DATA FOR THIS EXERCISE:
-.-.-
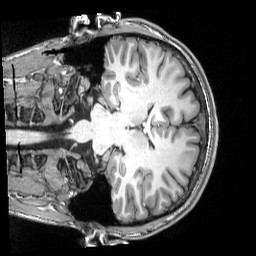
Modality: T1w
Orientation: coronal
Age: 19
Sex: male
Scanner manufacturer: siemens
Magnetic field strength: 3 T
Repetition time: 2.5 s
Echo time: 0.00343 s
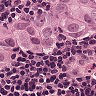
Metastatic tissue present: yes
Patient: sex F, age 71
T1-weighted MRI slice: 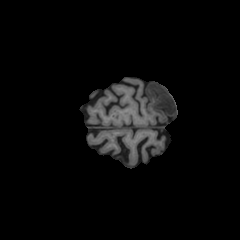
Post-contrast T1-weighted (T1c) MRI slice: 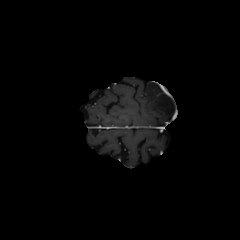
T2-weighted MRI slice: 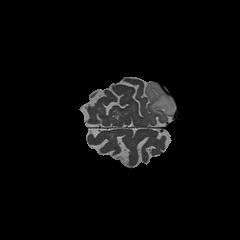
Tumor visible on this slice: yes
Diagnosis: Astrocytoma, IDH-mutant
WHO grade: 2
-.-.-
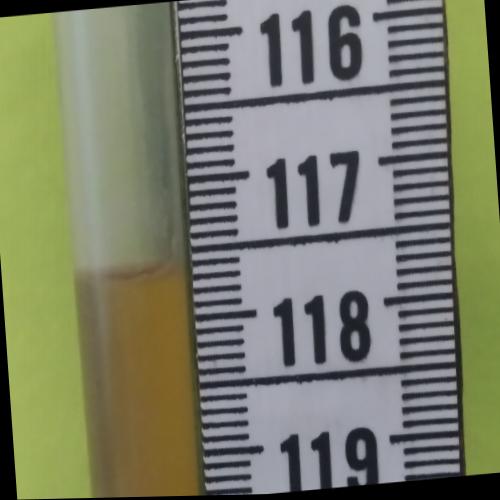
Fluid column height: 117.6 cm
-.-.-
Every line above between the one containing "Scanner manufacturer: siemens" and the one containing "WHO grade: 2", those two included, is to be printed exactly. No pictures go into the copy.

TASK ANSWER:
Scanner manufacturer: siemens
Magnetic field strength: 3 T
Repetition time: 2.5 s
Echo time: 0.00343 s
Metastatic tissue present: yes
Patient: sex F, age 71
T1-weighted MRI slice: 
Post-contrast T1-weighted (T1c) MRI slice: 
T2-weighted MRI slice: 
Tumor visible on this slice: yes
Diagnosis: Astrocytoma, IDH-mutant
WHO grade: 2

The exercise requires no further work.